> [Requirement]:
Please return every line of the records below that holds the word "width".

Source records
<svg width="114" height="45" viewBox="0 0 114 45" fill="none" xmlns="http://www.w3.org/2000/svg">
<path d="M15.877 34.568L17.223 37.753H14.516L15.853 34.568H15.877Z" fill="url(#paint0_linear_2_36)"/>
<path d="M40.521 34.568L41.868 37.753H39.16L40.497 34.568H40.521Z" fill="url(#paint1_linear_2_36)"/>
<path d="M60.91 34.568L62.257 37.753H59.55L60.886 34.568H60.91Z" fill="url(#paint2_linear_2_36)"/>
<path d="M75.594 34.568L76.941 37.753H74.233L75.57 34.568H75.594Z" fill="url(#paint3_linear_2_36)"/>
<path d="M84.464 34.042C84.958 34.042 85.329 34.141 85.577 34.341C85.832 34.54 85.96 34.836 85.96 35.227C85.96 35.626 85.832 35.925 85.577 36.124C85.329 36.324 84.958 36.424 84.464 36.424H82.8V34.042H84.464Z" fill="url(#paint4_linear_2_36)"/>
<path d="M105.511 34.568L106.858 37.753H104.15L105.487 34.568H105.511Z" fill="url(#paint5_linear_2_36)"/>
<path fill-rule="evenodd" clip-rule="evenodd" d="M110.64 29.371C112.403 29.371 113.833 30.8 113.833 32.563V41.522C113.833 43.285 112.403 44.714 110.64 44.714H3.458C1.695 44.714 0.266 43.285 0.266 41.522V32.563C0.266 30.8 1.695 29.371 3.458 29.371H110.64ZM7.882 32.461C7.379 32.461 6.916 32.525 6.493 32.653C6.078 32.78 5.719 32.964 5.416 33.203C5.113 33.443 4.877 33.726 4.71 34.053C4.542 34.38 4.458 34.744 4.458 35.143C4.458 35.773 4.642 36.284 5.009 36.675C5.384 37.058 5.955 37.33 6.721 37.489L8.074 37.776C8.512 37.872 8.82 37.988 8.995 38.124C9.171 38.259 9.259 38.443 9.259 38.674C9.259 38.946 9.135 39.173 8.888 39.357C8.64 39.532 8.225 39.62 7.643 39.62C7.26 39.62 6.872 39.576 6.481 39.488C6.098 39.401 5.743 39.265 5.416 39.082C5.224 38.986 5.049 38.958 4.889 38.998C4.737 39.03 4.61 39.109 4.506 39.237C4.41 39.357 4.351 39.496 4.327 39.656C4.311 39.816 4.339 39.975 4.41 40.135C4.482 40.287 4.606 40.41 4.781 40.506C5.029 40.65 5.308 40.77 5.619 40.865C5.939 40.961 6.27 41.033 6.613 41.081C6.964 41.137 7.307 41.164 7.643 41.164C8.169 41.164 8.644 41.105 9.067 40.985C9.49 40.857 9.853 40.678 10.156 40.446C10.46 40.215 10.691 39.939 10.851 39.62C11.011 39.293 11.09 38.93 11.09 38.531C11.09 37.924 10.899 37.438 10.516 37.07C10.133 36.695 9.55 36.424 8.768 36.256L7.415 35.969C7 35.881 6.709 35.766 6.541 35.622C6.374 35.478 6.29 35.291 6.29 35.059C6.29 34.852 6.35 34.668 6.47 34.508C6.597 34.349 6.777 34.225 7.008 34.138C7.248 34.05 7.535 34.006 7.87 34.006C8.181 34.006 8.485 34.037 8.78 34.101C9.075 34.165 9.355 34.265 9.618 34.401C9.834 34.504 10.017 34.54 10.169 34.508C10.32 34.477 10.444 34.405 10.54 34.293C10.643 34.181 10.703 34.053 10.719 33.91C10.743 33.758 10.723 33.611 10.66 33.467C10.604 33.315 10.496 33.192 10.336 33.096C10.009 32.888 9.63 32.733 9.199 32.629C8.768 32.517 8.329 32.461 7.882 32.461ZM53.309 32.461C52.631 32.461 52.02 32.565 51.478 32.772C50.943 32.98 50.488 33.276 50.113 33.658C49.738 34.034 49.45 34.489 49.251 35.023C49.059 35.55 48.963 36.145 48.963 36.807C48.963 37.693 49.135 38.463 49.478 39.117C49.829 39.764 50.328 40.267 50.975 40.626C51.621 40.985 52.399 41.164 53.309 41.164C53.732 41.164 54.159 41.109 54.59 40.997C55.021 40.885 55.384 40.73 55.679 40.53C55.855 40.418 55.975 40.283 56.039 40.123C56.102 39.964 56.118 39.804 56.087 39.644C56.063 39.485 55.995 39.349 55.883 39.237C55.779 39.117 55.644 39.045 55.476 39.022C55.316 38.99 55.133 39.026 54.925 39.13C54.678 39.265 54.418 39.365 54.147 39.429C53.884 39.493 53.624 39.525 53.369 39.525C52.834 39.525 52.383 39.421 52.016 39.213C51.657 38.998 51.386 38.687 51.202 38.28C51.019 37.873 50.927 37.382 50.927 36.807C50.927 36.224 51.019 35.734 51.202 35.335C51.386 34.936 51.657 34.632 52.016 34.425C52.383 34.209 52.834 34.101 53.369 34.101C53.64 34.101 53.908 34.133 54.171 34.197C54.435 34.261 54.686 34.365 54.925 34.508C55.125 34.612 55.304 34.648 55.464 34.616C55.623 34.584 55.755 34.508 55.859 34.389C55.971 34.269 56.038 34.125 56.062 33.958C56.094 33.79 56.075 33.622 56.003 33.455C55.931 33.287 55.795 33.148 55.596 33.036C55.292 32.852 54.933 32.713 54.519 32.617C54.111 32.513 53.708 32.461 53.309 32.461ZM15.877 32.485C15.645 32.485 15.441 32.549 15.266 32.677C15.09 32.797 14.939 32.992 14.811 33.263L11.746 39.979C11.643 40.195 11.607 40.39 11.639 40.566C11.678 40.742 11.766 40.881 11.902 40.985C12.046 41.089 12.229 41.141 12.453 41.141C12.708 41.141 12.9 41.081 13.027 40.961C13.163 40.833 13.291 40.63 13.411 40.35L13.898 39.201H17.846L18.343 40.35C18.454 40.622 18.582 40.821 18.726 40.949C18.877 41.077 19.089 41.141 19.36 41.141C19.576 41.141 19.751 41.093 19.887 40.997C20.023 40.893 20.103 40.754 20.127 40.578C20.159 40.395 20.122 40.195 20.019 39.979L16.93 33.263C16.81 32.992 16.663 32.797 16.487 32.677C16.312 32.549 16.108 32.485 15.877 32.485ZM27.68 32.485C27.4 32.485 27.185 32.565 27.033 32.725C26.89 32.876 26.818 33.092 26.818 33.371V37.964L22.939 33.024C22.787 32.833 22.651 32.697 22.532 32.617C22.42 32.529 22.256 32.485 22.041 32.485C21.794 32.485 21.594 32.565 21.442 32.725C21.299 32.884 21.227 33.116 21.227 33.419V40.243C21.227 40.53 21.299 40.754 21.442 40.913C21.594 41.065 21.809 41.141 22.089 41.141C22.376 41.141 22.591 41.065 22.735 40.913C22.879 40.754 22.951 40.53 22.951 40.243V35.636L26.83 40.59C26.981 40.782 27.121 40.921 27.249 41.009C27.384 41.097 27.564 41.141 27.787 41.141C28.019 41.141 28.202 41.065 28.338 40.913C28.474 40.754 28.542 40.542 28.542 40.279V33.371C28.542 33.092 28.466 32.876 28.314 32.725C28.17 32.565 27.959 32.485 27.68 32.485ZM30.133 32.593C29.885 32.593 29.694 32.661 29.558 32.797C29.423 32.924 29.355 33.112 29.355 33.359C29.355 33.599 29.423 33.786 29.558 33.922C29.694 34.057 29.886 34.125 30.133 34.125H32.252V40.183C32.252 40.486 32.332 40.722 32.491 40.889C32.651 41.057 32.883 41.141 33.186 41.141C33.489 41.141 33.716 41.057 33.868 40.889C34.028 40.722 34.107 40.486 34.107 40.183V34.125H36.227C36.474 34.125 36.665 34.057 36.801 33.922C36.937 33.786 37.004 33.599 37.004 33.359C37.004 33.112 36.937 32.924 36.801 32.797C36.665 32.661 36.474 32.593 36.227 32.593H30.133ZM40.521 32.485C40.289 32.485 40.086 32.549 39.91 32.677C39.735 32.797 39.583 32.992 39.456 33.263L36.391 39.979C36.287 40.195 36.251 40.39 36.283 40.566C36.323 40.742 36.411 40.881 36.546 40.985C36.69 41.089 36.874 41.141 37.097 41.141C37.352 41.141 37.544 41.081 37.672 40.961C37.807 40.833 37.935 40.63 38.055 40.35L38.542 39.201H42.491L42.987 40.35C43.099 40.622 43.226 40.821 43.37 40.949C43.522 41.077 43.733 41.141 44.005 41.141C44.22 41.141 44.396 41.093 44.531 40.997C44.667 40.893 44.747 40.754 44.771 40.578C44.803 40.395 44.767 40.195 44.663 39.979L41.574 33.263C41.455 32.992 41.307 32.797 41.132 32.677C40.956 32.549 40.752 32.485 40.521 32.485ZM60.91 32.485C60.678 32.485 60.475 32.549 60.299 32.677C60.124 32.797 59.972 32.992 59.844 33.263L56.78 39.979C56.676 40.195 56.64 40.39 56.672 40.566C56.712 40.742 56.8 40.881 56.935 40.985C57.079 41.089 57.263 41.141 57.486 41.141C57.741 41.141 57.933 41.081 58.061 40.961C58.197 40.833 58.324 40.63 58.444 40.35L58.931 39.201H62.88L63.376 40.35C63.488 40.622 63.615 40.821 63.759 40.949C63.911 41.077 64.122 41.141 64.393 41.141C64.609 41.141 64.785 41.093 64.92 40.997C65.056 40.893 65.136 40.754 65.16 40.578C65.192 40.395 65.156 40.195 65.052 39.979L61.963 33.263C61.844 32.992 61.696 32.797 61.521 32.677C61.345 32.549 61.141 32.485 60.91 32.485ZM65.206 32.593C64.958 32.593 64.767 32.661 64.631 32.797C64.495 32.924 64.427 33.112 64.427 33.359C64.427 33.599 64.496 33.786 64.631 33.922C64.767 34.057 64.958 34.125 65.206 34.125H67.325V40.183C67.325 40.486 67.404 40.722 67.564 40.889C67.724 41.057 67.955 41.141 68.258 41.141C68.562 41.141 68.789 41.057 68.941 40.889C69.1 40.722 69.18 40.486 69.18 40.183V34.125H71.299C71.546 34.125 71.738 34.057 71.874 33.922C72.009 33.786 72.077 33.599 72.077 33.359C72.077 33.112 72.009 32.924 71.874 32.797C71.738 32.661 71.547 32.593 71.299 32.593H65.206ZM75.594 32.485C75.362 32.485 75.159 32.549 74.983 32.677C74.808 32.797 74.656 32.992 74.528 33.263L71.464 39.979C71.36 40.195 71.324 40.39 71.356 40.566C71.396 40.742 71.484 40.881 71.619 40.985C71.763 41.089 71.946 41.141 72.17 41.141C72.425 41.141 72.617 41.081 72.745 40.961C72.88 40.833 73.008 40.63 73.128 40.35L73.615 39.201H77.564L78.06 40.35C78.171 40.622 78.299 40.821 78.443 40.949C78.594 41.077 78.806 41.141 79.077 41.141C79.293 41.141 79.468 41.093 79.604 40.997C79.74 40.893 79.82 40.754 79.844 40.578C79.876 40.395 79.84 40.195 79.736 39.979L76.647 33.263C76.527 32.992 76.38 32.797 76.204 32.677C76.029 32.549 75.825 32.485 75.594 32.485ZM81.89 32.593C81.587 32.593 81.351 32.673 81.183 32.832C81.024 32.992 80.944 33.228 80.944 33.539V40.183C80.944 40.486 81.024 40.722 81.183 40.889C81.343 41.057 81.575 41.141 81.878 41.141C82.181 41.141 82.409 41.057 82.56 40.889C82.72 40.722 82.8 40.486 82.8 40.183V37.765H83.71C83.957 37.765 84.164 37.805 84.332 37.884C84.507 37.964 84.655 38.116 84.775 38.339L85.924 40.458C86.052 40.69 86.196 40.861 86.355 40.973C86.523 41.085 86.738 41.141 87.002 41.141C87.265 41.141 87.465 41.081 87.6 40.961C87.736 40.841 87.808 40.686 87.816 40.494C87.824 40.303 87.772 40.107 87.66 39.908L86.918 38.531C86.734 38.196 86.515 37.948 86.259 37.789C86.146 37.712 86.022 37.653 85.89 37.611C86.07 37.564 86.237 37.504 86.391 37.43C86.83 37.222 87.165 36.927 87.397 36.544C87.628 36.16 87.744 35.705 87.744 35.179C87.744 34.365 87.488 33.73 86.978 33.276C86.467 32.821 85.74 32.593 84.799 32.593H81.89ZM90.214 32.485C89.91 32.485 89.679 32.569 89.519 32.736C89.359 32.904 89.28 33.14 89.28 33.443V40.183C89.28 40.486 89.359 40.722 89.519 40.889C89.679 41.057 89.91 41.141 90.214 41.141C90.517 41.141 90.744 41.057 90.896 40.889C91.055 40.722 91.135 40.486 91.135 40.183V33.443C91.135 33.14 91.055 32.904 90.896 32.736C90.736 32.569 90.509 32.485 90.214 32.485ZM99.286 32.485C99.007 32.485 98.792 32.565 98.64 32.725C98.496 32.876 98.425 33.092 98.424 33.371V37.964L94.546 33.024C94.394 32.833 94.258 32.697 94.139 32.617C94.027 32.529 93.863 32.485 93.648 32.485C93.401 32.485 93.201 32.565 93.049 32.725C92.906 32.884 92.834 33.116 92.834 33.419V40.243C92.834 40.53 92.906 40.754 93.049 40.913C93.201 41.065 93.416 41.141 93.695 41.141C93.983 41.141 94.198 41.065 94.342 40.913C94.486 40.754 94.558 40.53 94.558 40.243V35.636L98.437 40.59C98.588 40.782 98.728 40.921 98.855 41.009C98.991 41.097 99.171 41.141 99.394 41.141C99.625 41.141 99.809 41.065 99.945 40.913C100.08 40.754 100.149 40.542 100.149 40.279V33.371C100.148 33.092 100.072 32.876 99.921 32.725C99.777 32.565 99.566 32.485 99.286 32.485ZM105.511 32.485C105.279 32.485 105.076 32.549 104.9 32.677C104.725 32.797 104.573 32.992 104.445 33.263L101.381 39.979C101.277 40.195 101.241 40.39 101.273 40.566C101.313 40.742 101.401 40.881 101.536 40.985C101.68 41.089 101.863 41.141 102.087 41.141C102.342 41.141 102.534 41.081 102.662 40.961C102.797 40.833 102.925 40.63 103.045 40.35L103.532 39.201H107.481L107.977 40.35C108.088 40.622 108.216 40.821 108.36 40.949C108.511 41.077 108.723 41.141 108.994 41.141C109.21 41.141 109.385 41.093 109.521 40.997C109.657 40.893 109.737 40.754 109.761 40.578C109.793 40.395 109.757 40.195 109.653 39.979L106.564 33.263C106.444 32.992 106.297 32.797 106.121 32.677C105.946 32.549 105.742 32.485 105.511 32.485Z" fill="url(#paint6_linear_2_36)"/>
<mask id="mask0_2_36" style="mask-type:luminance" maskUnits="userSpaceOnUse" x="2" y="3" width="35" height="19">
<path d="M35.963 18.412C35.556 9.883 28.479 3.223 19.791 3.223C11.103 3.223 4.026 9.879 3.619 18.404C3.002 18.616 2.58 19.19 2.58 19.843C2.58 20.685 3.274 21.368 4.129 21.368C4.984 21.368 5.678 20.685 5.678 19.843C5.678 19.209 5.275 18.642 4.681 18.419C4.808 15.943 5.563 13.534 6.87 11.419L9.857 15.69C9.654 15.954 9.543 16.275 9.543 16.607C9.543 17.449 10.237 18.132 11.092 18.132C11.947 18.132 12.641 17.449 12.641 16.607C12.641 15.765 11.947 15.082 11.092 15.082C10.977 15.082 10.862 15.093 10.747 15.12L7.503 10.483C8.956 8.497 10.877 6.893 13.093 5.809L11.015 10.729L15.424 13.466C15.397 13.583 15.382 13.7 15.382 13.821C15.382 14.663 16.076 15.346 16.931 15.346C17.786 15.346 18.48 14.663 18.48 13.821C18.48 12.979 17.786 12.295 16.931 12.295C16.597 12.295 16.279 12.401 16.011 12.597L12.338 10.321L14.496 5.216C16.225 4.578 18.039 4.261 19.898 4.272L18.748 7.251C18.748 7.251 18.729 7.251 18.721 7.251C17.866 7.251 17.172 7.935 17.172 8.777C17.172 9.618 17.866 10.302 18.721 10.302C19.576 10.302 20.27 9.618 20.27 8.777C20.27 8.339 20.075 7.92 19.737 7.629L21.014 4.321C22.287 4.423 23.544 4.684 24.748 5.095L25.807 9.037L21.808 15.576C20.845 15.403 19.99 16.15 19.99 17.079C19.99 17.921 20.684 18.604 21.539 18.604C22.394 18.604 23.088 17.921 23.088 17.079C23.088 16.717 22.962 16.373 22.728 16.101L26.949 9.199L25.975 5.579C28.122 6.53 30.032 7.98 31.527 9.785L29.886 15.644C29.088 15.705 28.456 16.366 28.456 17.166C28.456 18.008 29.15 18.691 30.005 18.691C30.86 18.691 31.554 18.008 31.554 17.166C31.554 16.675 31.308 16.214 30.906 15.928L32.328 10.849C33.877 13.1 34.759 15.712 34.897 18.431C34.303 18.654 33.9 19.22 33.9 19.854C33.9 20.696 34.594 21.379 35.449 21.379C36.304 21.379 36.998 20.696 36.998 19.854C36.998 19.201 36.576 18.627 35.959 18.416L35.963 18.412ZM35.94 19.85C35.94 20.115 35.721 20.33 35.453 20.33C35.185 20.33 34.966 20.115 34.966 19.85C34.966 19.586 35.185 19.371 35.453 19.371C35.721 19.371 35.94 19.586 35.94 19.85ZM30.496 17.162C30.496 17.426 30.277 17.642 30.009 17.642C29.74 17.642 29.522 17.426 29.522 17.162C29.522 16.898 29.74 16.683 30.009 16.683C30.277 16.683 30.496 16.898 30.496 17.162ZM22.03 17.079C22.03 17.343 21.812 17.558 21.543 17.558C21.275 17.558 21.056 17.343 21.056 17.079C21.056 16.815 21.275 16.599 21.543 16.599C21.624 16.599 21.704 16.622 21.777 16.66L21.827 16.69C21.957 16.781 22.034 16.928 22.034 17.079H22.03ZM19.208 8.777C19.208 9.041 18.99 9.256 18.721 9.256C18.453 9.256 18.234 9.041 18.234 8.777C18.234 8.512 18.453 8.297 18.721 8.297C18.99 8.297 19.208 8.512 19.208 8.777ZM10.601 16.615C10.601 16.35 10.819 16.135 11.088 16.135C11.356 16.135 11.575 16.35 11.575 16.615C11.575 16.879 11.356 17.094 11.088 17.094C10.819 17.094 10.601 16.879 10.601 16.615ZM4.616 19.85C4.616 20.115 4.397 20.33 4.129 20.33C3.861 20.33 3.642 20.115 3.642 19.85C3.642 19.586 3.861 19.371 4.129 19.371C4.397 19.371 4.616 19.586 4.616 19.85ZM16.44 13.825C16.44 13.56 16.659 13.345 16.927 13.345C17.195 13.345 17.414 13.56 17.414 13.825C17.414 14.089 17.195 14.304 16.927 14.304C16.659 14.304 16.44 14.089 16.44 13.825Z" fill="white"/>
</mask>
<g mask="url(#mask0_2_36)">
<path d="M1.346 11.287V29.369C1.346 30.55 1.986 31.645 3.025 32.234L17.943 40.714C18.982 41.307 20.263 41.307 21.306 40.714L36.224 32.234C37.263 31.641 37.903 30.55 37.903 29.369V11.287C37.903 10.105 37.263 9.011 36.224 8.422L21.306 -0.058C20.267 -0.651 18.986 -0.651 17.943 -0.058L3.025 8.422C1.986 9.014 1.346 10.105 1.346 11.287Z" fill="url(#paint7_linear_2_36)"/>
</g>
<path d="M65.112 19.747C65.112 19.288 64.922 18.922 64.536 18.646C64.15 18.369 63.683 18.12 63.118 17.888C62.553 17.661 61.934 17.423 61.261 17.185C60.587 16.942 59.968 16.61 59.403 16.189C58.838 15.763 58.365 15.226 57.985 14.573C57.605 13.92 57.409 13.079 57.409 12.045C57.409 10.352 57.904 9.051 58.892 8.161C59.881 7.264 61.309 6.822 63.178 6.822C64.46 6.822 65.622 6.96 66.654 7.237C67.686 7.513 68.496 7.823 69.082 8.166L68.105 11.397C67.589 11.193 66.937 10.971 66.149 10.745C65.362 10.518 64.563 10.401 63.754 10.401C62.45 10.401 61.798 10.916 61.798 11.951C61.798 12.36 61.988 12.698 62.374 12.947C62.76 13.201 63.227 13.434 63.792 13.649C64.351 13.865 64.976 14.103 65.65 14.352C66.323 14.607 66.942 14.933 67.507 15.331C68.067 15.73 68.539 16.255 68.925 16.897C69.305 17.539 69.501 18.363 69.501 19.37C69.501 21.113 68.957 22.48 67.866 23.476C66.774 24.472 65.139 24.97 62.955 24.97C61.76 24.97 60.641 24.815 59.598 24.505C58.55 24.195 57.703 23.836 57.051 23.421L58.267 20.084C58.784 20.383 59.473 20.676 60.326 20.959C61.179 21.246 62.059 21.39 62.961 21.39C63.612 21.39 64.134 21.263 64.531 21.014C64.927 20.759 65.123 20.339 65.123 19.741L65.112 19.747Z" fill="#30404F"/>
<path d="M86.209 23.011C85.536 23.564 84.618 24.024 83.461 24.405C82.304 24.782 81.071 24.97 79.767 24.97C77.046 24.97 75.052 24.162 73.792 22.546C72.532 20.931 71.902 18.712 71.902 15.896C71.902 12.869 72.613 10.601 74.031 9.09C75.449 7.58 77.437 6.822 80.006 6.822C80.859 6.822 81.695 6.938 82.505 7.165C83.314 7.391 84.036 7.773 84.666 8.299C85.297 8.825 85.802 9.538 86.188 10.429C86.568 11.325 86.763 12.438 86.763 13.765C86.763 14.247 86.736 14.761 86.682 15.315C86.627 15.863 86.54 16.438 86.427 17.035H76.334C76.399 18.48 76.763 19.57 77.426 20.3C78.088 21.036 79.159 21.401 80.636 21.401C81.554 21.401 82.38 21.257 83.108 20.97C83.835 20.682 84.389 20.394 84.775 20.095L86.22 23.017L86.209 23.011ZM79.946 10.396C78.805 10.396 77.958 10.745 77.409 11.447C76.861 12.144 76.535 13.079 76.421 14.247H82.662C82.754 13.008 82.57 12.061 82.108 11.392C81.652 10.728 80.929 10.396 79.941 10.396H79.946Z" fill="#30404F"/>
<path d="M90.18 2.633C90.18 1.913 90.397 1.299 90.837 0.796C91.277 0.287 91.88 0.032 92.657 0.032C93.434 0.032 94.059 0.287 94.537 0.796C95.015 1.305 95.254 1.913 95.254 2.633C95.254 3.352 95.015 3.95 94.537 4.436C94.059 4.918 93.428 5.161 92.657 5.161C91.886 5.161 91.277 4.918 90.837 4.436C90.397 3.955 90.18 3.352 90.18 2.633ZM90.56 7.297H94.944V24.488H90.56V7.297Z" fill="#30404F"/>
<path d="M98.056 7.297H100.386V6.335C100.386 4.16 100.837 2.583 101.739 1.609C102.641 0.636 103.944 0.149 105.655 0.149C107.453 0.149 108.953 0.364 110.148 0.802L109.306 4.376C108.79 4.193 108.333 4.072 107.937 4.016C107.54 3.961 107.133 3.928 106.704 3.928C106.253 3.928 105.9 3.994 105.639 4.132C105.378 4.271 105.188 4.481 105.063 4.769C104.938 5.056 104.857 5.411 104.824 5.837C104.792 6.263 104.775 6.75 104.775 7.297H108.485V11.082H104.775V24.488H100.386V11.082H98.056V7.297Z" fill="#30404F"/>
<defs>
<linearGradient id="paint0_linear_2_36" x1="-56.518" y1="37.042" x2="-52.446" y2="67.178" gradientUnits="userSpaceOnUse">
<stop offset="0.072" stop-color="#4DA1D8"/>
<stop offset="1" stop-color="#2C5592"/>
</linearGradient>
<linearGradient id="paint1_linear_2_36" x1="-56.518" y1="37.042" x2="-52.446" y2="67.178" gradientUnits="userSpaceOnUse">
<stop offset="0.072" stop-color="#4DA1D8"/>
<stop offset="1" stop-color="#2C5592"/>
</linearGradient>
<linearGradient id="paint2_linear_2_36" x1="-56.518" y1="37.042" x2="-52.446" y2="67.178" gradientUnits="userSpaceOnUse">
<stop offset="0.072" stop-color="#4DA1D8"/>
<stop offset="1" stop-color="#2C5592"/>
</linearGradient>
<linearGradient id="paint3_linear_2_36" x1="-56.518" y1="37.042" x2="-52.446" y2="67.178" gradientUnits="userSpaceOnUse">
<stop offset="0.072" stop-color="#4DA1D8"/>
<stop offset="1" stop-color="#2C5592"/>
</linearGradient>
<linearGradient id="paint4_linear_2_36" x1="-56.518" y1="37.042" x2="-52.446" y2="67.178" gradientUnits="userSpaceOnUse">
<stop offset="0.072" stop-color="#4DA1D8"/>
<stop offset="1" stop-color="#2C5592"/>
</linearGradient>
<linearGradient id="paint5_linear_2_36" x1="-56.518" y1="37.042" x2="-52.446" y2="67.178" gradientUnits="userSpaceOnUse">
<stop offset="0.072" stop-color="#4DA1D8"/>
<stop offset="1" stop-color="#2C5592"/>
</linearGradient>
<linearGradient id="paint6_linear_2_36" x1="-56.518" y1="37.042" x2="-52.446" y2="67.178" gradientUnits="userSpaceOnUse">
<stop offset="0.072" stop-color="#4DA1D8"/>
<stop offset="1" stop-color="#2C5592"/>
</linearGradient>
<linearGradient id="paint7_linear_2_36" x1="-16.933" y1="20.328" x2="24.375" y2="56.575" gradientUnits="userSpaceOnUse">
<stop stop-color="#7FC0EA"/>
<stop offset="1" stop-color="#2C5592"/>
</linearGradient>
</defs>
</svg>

> [Answer section]:
<svg width="114" height="45" viewBox="0 0 114 45" fill="none" xmlns="http://www.w3.org/2000/svg">
<mask id="mask0_2_36" style="mask-type:luminance" maskUnits="userSpaceOnUse" x="2" y="3" width="35" height="19">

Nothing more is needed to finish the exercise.